MHC Transaction Volume

Doing more for Manufactured Housing Communities under Duty to Serve

To support our efforts, we've engaged broadly with the manufactured housing industry. We formed a Manufactured Housing Advisory Council to inform our work in this market. At Fannie Mae, the Multifamily MHC team is working on models to preserve the affordability and stability of manufactured housing across the country.

Over the past few years, our team has met with industry leaders, presented at major industry conferences, and conducted extensive research to examine needs and to listen to concerns. We are looking to provide innovative solutions, including:

Non-traditional community ownership:

  • Resident Owned Communities (ROCs): In an ROC, the owners of each manufactured home in the MHC form a nonprofit entity, which holds title to the land and manages the community. Each owner of a manufactured home is an equal shareholder or member of the ROC, and owns their own manufactured home on a site that is leased from the ROC. The ROC has control over lot rent, community repairs, and improvements – providing greater protection to the residents against arbitrary evictions than in a typical MHC.

Fannie Mae has partnered with ROC USA and National Cooperative Bank (NCB) (a Fannie Mae lender partner) to develop and implement a test pilot program to acquire Mortgage Loans secured by a ROC property, and gain more understanding of these financing structures. With the approval of our regulator, the Federal Housing Finance Agency (FHFA), we plan to provide financing for up to five ROC-secured Mortgage Loans in 2019, and more in 2020.

  • MHCs owned by nonprofits: We are also developing a product to increase loan acquisitions for MHCs owned by other types of nonprofit entities.

In many areas of the country, manufactured housing remains the largest stock of affordable housing. Nonprofit entities purchase these communities to preserve their affordability and to provide funds to make improvements. Typically, the nonprofit entity is able to make these purchases through grants provided by city, county, and state government, combined with low interest private loans. However, a demand exists for additional funding sources and more flexible financing terms.

We are currently testing models to increase loan acquisitions in this space to help in the preservation of these properties, and plan to release a product enhancement in early 2019.

Protections for MHC tenants

  • Tenant Pad Lease Protections (TPLPs): FHFA has outlined specific protections to afford tenants of MHCs certain additional rights in areas where state law does not already provide mandatory tenant protections, and has tasked Fannie Mae with providing increased liquidity to MHCs that meets the specified minimums TPLPs. These TPLPs address renewable lease terms, rent increases, rent payments, unit sale and sublease rights, and advance notice of a planned sale or closure of the community.

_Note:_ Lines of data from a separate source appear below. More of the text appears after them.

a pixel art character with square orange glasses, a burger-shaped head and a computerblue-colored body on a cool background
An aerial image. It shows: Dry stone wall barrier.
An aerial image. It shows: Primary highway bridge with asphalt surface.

Our research found that no states or localities currently require all of FHFA's proposed TPLPs. We have consulted with community owners, states, manufactured housing organizations, and lenders to understand the challenges and benefits of adoption. We have learned that requiring owners to convert all leases within a community prior to acquisition can be onerous. We have tested several models to incentivize owners who adopt the TPLPs. In early 2019, we will launch a product enhancement to provide a choice for owners when considering financing options.

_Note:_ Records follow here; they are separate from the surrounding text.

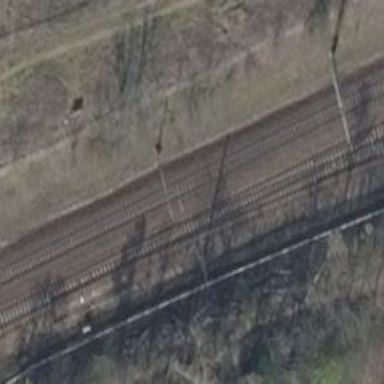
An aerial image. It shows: Railway track with contact lines for electrification.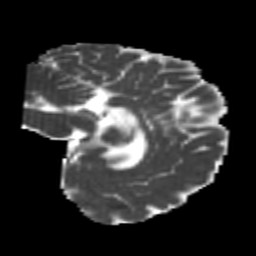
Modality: MD
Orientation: sagittal
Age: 22
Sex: female
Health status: healthy
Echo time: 0.074 s

We feel these efforts demonstrate an innovative spirit and our long-standing commitment to MHCs. Moreover, as we enter the second year of our DTS plan execution, we'll continue to learn and adjust as necessary to get it right and better serve our markets. Beyond DTS, we'll work to keep our core MHC business strong, supporting and listening to our customers and the market.

We appreciate the engagement of the industry as we work together to realize the potential of MHCs for people and communities nationwide. We stand committed and engaged in our mission to create and preserve affordable housing for owners and renters throughout the country.